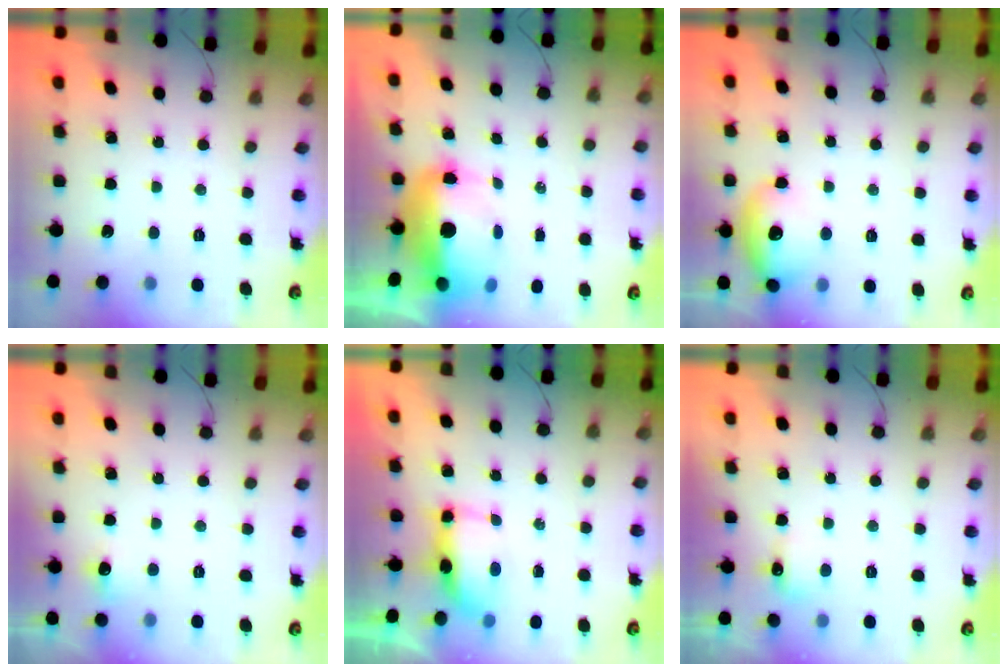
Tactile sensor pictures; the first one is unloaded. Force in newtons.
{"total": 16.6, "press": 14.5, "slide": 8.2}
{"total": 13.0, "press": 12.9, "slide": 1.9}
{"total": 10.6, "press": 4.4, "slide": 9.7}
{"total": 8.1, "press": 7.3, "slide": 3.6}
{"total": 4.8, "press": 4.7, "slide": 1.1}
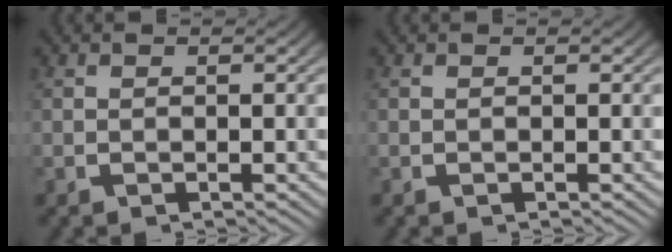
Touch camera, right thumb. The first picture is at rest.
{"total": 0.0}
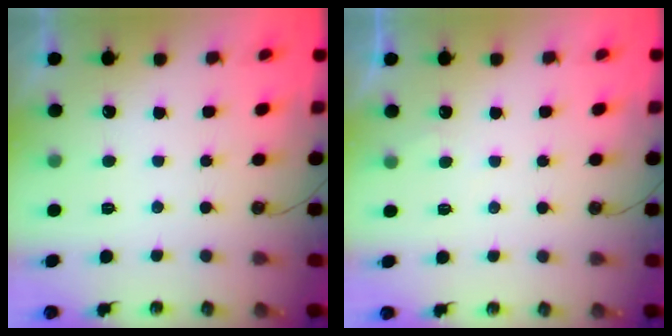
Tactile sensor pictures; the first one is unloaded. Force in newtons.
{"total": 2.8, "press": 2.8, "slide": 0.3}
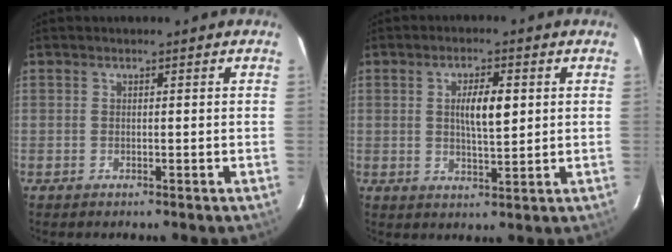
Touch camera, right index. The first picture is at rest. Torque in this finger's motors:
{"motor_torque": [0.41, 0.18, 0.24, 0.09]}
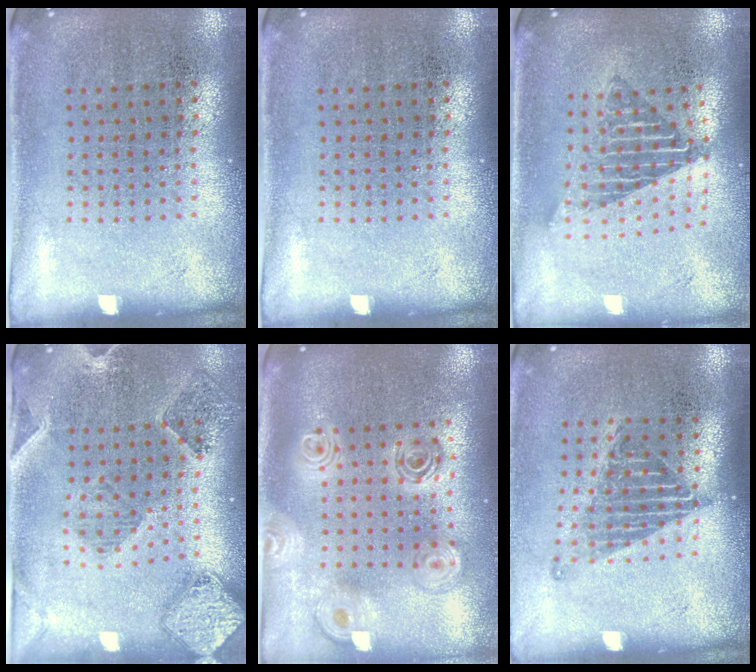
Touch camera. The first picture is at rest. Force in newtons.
__________
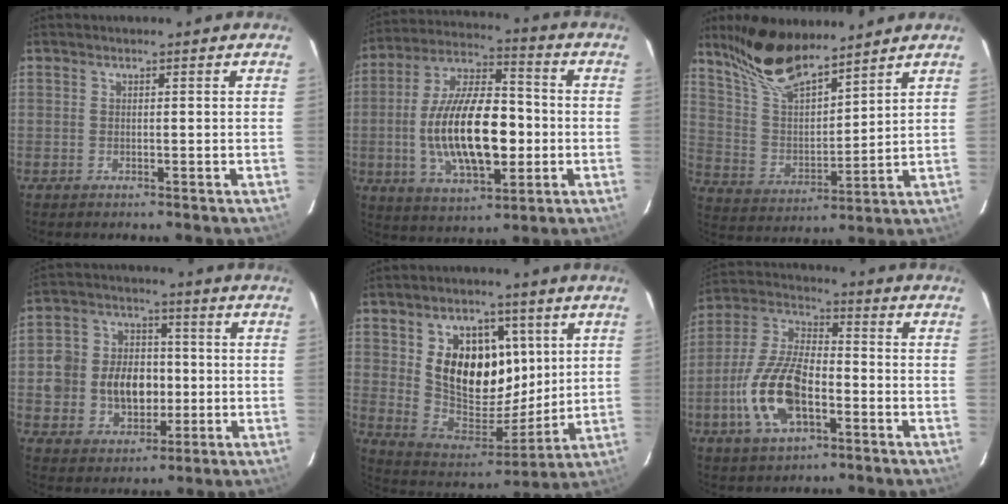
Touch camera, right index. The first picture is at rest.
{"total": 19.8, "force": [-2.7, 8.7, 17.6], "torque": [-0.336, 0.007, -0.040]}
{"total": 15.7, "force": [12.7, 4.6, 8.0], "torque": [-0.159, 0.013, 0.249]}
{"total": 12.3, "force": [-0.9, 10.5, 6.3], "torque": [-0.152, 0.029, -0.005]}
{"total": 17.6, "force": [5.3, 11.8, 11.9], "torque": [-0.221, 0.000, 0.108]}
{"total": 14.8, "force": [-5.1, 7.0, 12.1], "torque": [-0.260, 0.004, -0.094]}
__________
• Work to be completed
The lines above from the line with "Touch camera, right thumb." through the line with "Touch camera. The" are to be given again word for word, with no pictures among them.

• Task solution
Touch camera, right thumb. The first picture is at rest.
{"total": 0.0}
Tactile sensor pictures; the first one is unloaded. Force in newtons.
{"total": 2.8, "press": 2.8, "slide": 0.3}
Touch camera, right index. The first picture is at rest. Torque in this finger's motors:
{"motor_torque": [0.41, 0.18, 0.24, 0.09]}
Touch camera. The first picture is at rest. Force in newtons.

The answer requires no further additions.